Dictator777 forfeited this round.
"It may be true that the law cannot make a man love me, but it can keep him from lynching me, and I think that"s pretty important."
Back in the 60"s when he made this statement a black person could be jailed for being accused of a crime without due process and even executed if the crime they were being accused of was bad enough. So laws had to be made to halt these atrocities.
Sporadic efforts to remedy the results of hundreds of years of slavery, segregation and denial of opportunity have been made since the end of the Civil War. We need a constant all out effort to remedy the lingering effects of racial discrimination.

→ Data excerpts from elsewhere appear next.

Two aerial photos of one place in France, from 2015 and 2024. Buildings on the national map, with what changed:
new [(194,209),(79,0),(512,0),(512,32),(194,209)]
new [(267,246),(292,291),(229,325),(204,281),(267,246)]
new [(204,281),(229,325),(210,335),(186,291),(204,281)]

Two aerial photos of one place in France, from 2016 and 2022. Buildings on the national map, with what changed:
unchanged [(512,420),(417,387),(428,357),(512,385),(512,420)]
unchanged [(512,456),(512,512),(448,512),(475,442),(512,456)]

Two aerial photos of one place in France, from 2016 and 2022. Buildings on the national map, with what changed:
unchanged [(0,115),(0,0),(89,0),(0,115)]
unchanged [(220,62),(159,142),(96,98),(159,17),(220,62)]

In response to your claim that Affirmative Action causes reverse discrimination I say we need to reverse it and bring it all the way back to zero.

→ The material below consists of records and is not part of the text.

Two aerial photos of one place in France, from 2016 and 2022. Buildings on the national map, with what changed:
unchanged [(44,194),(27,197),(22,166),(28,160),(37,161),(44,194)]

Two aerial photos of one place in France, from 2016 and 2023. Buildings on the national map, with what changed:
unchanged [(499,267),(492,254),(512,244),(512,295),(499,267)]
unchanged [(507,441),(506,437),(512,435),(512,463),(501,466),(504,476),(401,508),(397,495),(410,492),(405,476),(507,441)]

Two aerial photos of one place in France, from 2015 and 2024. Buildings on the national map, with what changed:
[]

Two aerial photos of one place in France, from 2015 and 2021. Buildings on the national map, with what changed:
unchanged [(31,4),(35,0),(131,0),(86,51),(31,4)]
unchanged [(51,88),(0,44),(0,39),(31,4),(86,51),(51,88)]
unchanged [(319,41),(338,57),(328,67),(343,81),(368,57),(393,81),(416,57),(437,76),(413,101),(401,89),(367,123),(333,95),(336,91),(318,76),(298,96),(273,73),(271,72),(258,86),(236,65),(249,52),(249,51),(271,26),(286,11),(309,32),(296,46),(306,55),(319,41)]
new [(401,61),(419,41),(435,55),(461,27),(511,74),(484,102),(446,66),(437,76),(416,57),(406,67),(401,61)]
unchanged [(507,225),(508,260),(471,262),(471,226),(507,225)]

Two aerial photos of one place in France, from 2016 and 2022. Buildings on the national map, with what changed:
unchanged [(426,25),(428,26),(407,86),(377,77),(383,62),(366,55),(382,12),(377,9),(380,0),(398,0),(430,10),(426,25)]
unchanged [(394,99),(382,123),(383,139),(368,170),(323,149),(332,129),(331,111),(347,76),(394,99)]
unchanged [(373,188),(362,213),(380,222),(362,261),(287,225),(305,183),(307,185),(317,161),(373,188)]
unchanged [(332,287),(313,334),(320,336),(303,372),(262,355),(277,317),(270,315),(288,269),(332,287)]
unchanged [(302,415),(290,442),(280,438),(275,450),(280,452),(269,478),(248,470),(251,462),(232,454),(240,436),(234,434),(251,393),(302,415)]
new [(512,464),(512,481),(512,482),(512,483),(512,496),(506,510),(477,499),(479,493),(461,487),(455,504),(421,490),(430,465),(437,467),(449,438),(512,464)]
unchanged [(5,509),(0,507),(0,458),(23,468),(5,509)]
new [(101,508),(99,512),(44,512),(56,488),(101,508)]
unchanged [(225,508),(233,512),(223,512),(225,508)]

On the charge that it chooses people by race not taking into account their merit, achievements, competency.
In 1947, Brooklyn Dodgers president Branch Rickey, decided to take some affirmative action on his own and approached Jack Roosevelt Robinson about joining the Brooklyn Dodgers. The Major Leagues had not had an African-American player since 1889, when baseball became segregated. When Jackie first donned a Brooklyn Dodger uniform, he pioneered the integration of professional athletics in America. By breaking the color barrier in baseball, the nation's preeminent sport, he courageously challenged the deeply rooted custom of racial segregation in both the North and the South.
Jackie Robinson went on to be rookie of the year, he also was selected most valuable player one year and won a batting title and is in the baseball hall of fame. He was given the opportunity because he was black but but also because he was well qualified for the position.

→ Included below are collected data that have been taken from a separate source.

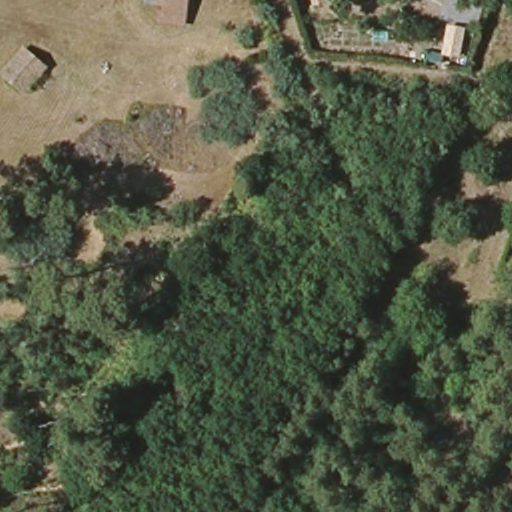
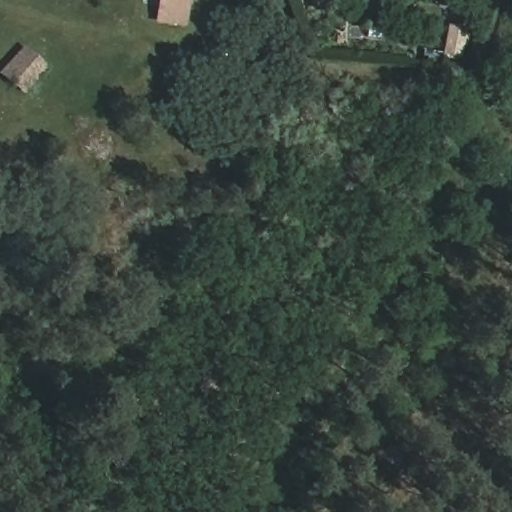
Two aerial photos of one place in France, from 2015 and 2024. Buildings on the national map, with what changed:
unchanged [(183,0),(181,21),(153,19),(155,0),(183,0)]
unchanged [(461,50),(446,49),(447,24),(462,25),(461,50)]
unchanged [(21,51),(39,63),(15,97),(0,85),(0,83),(21,51)]

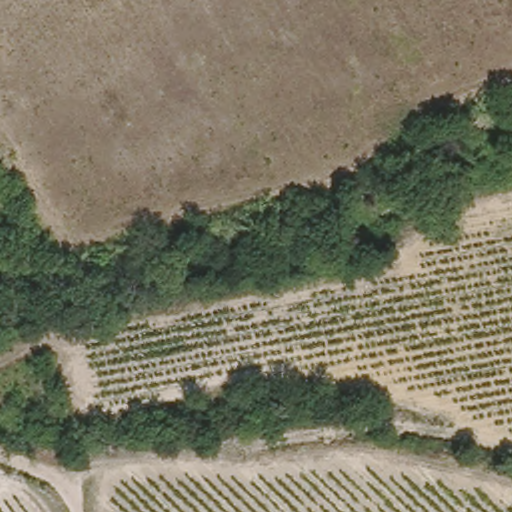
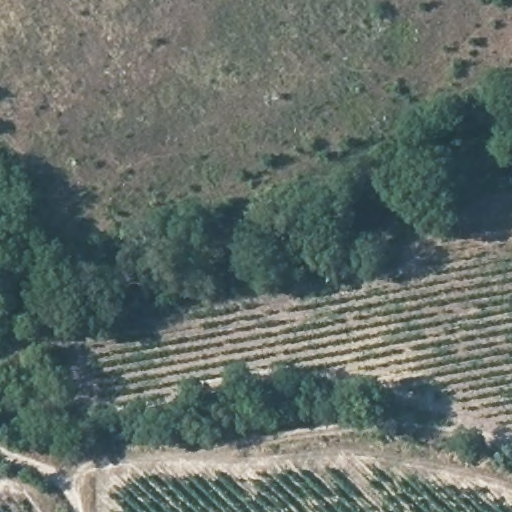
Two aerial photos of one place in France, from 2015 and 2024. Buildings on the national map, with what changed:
[]

So if someone is guilty of denying people opportunities because of race, creed, color, or national origin, there needs to be laws in place to make them do that.
Affirmative action simply means taking positive steps to end discrimination, to prevent its recurrence, and to create new opportunities that were previously denied minorities and women.
Dictator777 forfeited this round.
Anyone who has ever witnessed the ugly observance of racial discrimination or felt it's harmful sting knows the importance of remaining diligent to make sure it is forever banished from our society.
I also find it disturbing that there has to be laws to make people do what is morally right but that is the world we live in. So if it has to be that way, so be it.
Thank you for this challenge. I wish you could have participated.